Comment 1:  First, the court said that it was upholding the trial court’s ruling that a completed sublease (or at least a verbal commitment to one) must be presented to the landlord in order for the landlord to be liable for unreasonably refusing consent:

“Among [the judge’s rulings] was the a ruling that a landlord is not in default for failure to consent unless the tenant produces a candidate ready, willing and able to fulfill the tenant’s obligations under the sublease.  The tenant has not persuaded us that the judge ruled in error.” [Citing Friedman on Leases for this verbatim rule.]

The tenant maintained that this ruling is too narrow, as it does not take into account the circumstance where the landlord indicates its refusal to consent or unreasonably makes demands of the proposed subtenant so as to block further negotiations.  The court’s response to this argument indicates that it might entertain such a position in the appropriate case, but that this case did not support such an analysis:

“We need not determine whether the judge’s ruling was too narrow.  Any benefit to the tenant from an expanded rule is obviated by the judge’s conclusions, amply supported by her findings, that ‘there is no evidence that the parties were even close to resolving the terms of the sublease. . . There were too many uncertainties and unresolved issues to legally bind either USCO or [the tenant]. . . .”

This sounds like a broader test, but the balance of the trial judge’s quoted ruling reiterates the requirement for a completed lease.

Comment 2: The Friedman excerpt the court relied upon now appears in Section 7:3.4[D]3 in the Randolph edition.  It is based upon a 1991 Illinois case, Golf Mgmnt. Co. v. Evening Tides Waterbeds, Inc., 572 N.E. 2d 1000, which indeed makes the statement, and cites other Illinois authority for the point.

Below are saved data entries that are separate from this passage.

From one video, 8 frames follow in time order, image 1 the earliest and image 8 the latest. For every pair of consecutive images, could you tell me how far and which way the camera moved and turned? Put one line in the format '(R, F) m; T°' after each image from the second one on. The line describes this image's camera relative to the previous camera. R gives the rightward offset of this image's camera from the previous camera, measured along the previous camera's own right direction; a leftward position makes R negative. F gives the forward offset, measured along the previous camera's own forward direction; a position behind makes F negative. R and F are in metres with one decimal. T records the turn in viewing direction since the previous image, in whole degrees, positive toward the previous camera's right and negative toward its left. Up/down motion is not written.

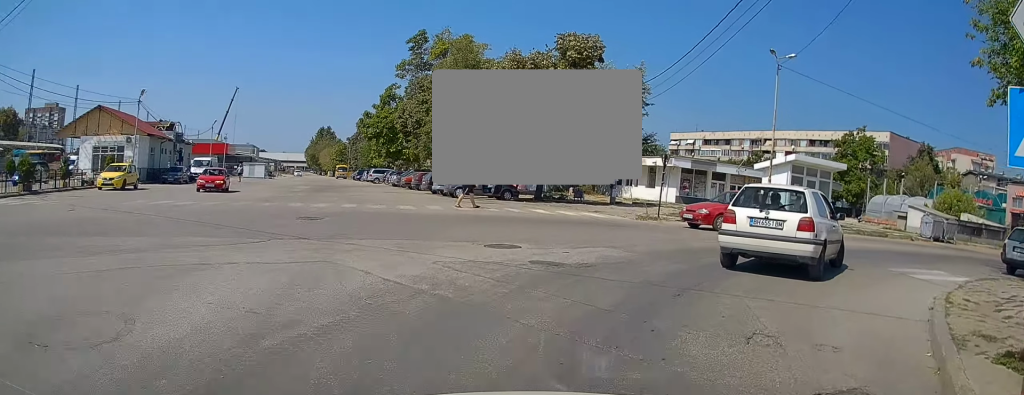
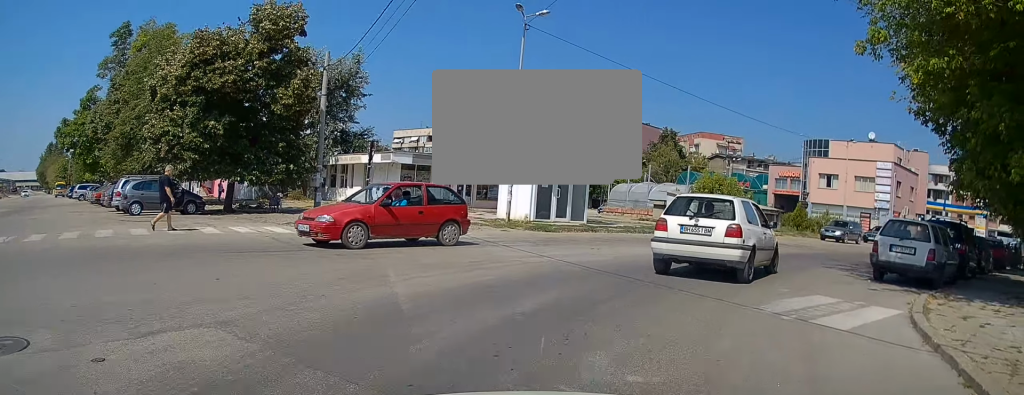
(+1.4, +6.4) m; +25°
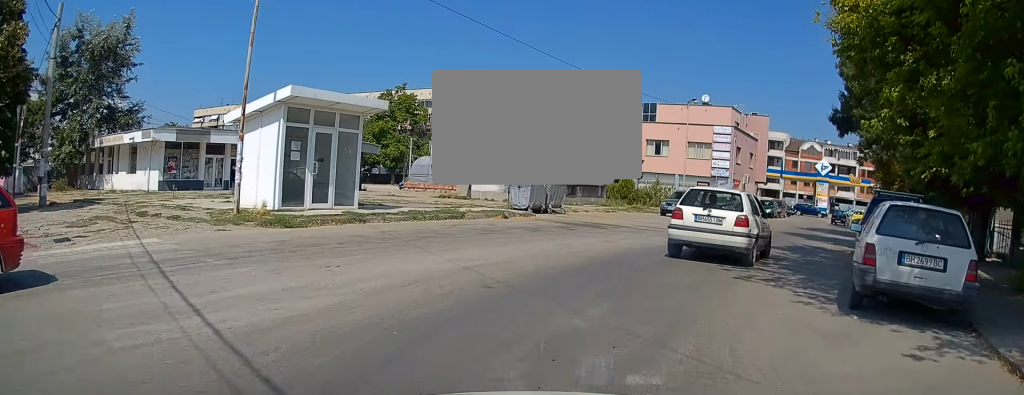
(+1.1, +7.0) m; +16°
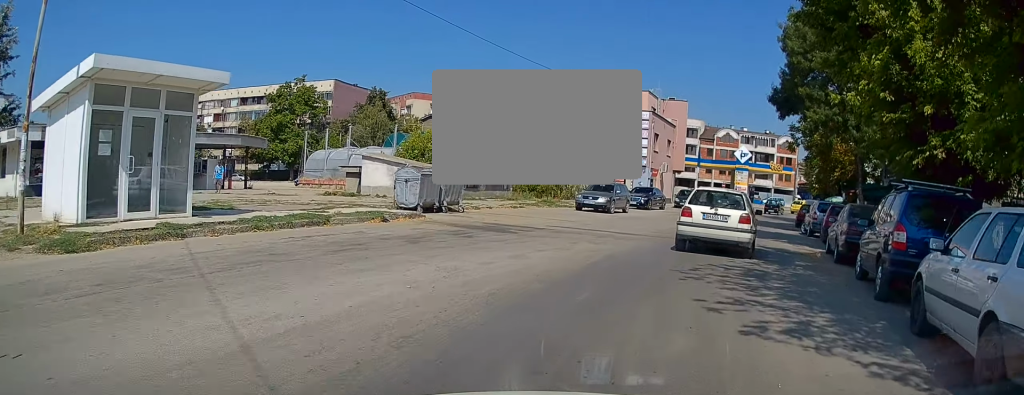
(+0.4, +4.6) m; +9°
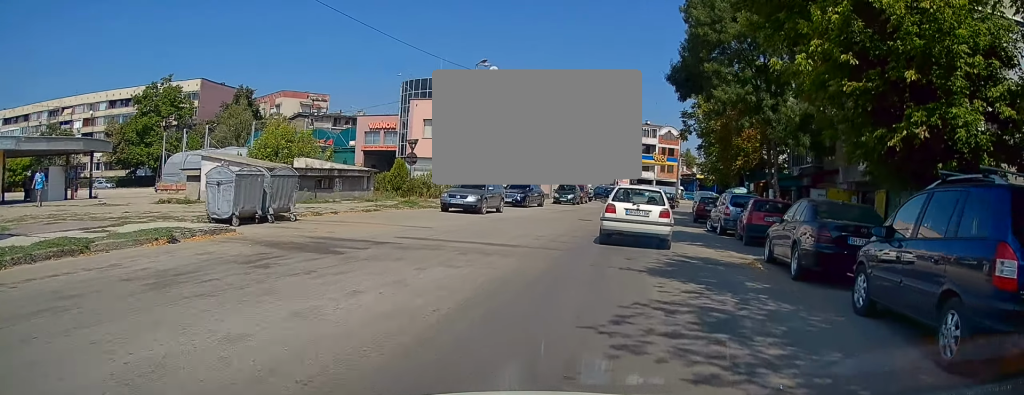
(+0.3, +4.6) m; +8°
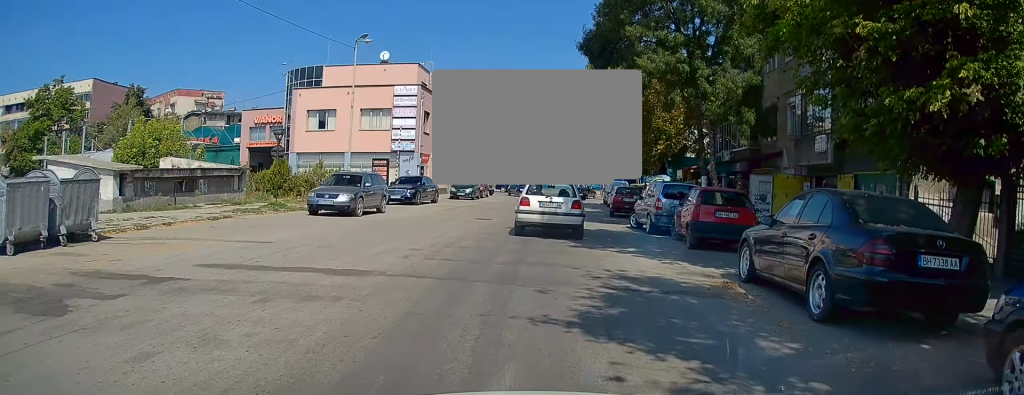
(+0.3, +4.6) m; +6°
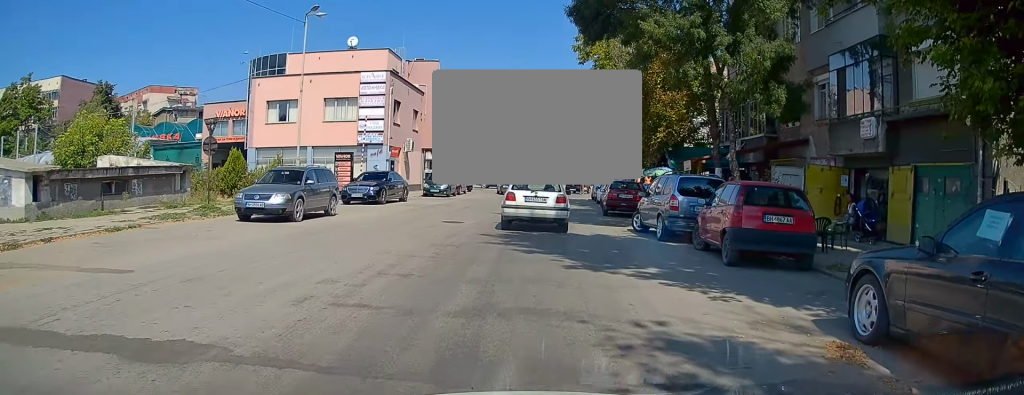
(+0.1, +4.0) m; +3°
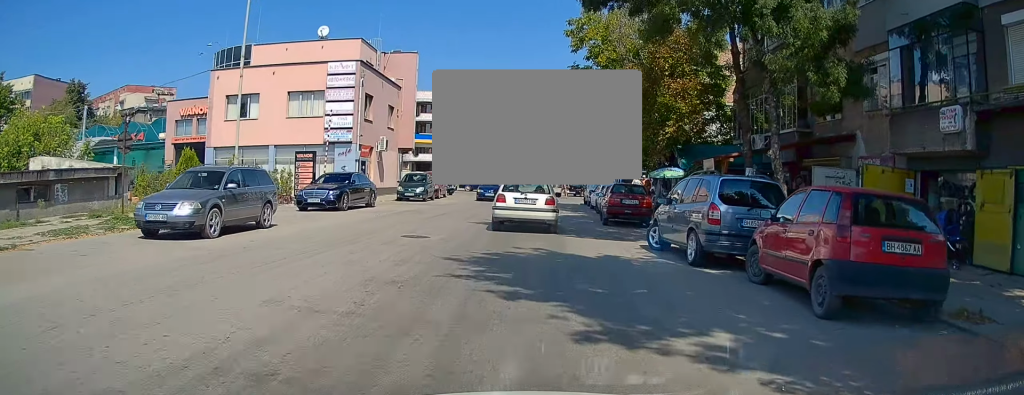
(+0.1, +4.1) m; +1°

Comment 3: On first blush, the editor agreed with the tenant’s basic position (but still agreed with the court’s failure to apply it here.)  But, upon sleeping on the issue, the editor concludes that there likely is no case in which a tenant, without having made contractual arrangements in advance, should expect a landlord to indicate approval to a subtenant prior to the tenant’s reaching agreement with that subtenant.  The landlord is entitled to know the terms of the sublease.  If the landlord wanted to be cooperative, of course, it could “vet” the proposed subtenant’s credit and respond to various questions concerning it’s views on various elements of the sublease prior to the completion of negotiations with the subtenant.  This would certainly make subleasing easier.  But that is not the landlord’s job.  If the tenant desires that the landlord be required to make an advance approval of a proposed subtenant, it should bargain for that (the landlord should still get a “second bite” based upon any changed circumstances when the sublease is completed).

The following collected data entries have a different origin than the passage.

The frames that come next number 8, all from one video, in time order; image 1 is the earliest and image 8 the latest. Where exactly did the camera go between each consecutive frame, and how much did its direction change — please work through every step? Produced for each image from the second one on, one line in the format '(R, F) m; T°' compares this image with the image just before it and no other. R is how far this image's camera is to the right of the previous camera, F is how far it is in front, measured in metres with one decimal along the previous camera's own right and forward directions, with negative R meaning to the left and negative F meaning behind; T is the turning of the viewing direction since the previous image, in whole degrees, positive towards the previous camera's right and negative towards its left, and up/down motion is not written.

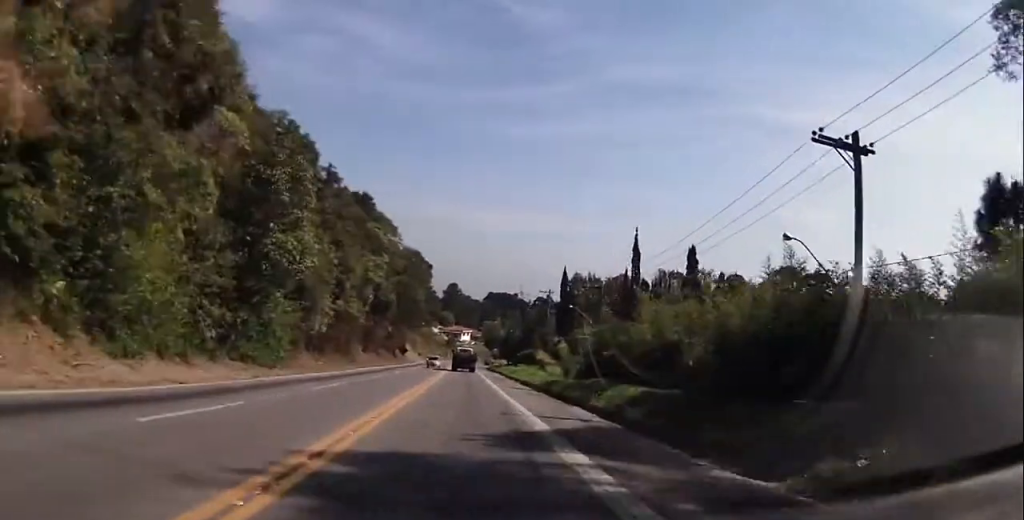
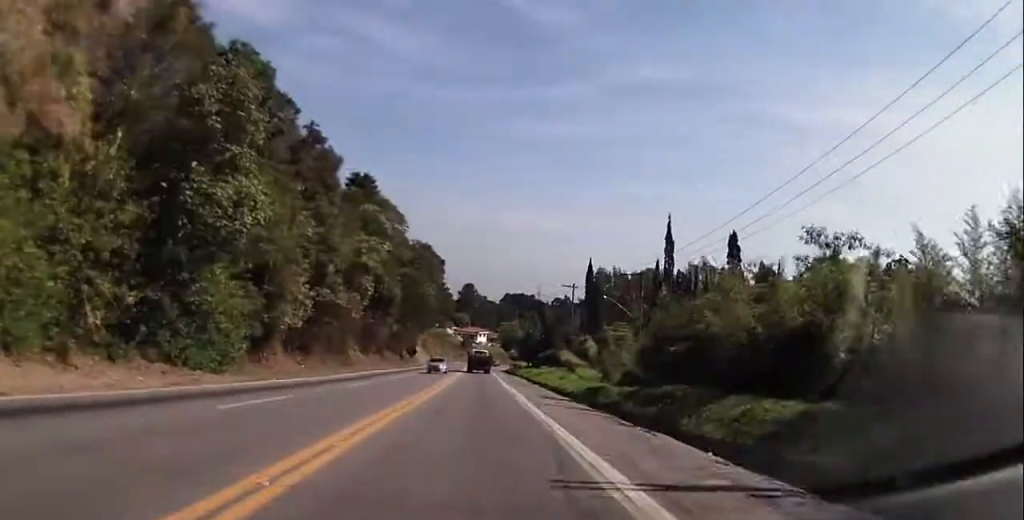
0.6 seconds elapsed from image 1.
(-0.1, +5.8) m; -5°
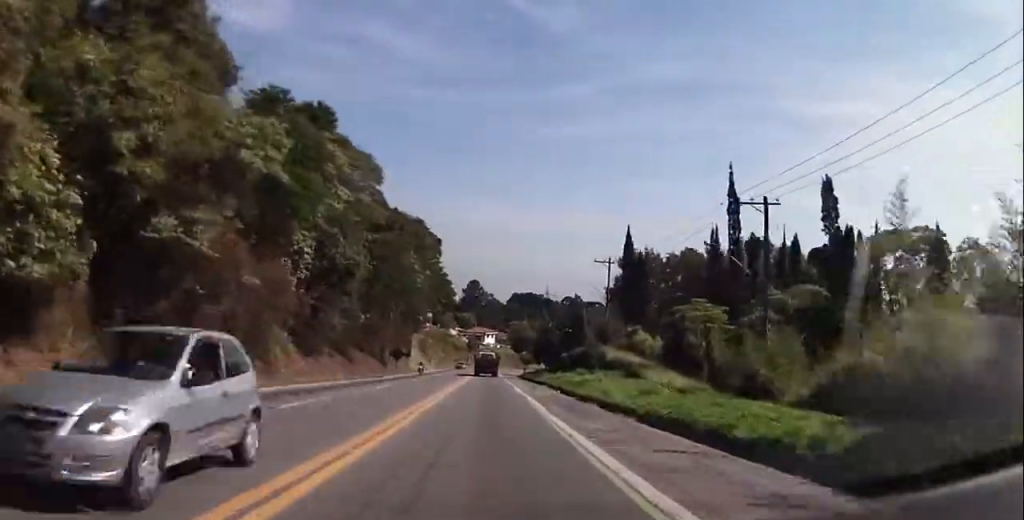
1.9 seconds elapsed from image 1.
(-2.3, +25.1) m; -7°
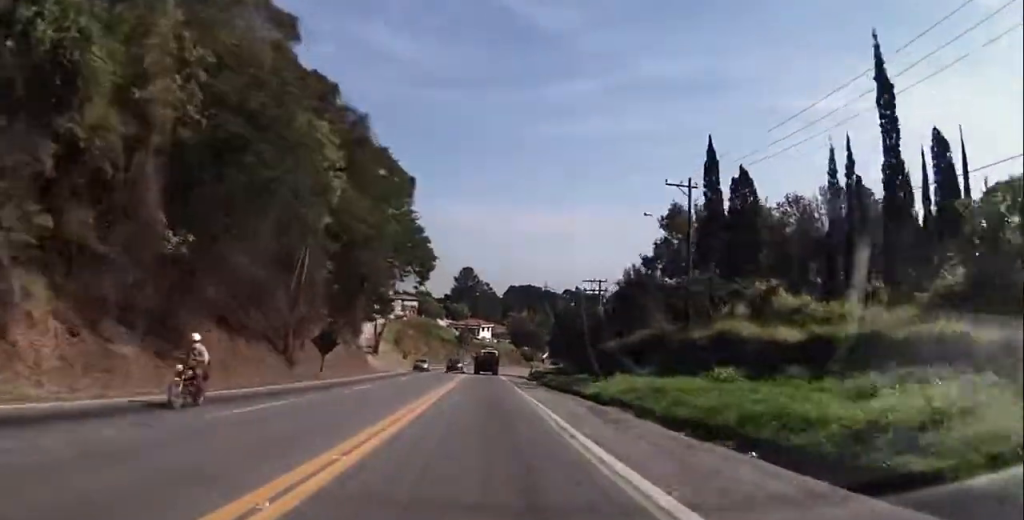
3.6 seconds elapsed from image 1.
(-0.7, +31.7) m; -1°
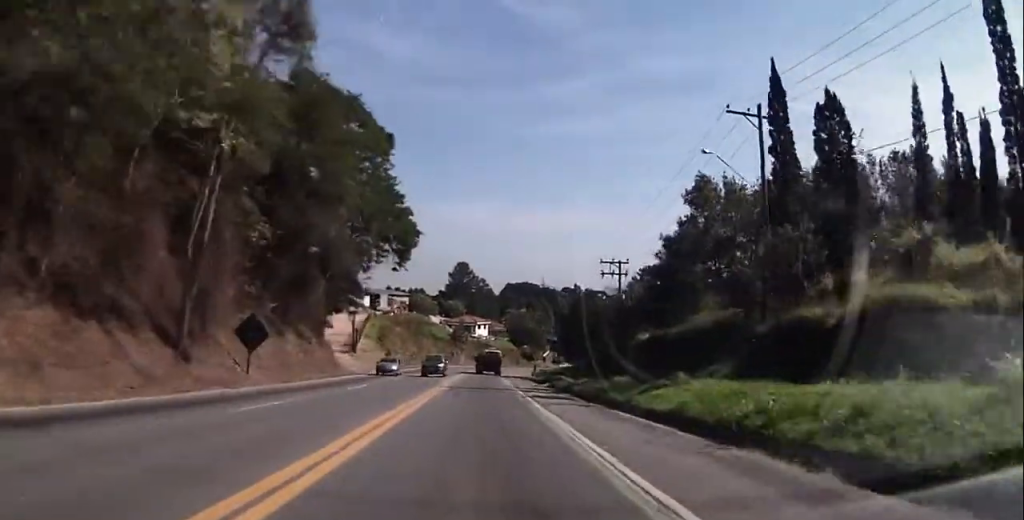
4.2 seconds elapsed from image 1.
(0.0, +12.8) m; +2°
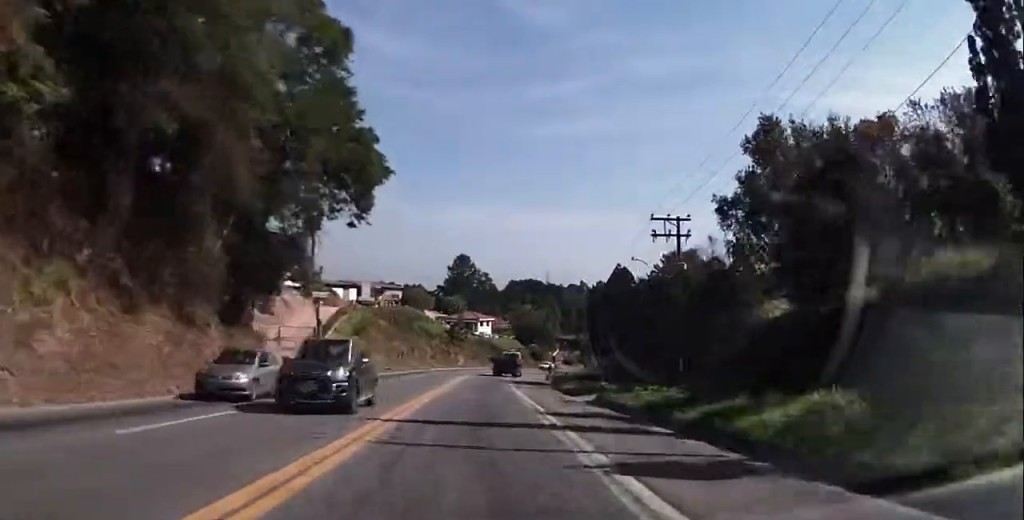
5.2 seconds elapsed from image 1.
(+0.8, +18.4) m; +2°
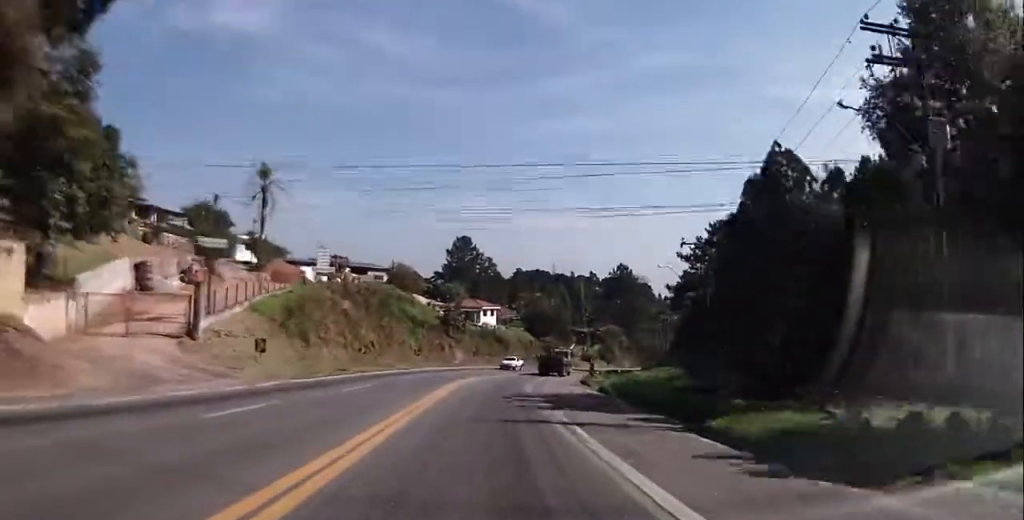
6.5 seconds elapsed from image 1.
(-1.1, +25.7) m; -9°
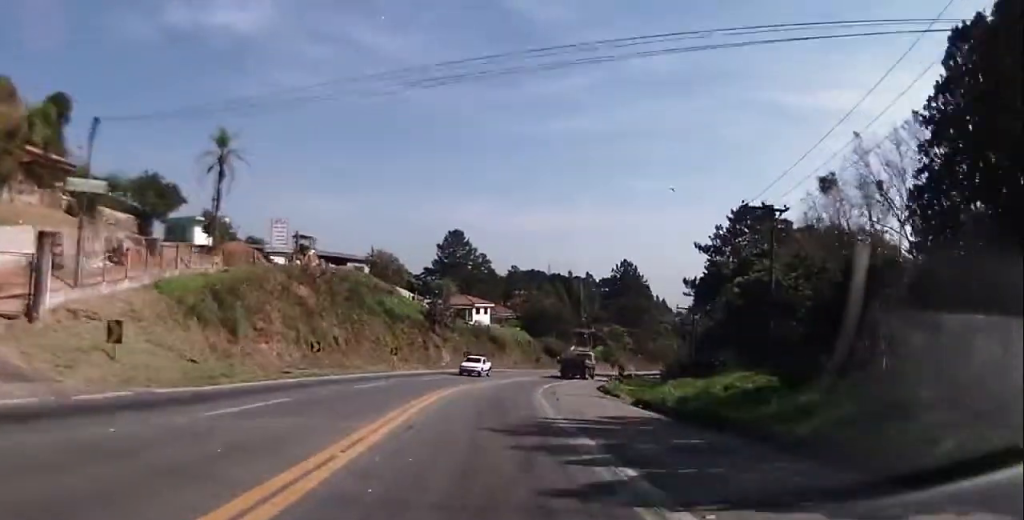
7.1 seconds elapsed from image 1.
(-0.4, +12.3) m; -4°

This is not to say that the landlord has the right at any time to be obstructionist - to make unreasonable threats or to take unacceptable and unreasonable positions.  If the landlord should do that, even before the proposed sublease is completed, the landlord would be in breach of any duty the landlord had to be reasonable.  But silence in this case is not unreasonable.

Comment 4: It is worth noting that there is neither a “majority rule” nor a “developing trend” supporting an implied duty of reasonableness in this area.  There are some cases - some overruled by statute.  But there is an equal number of modern cases that have rejected the proposition after being confronted with the rulings of their sister states.  Friedman details all the cases   Mr. Friedman was a fan of the implied duty of reasonableness in this area.  The current editor of Friedman (your DIRT editor) isn’t.  Hey - it’s hardball.  If you want to have judicial review of the reasonableness of a landlord’s decision in this area, put it in the lease.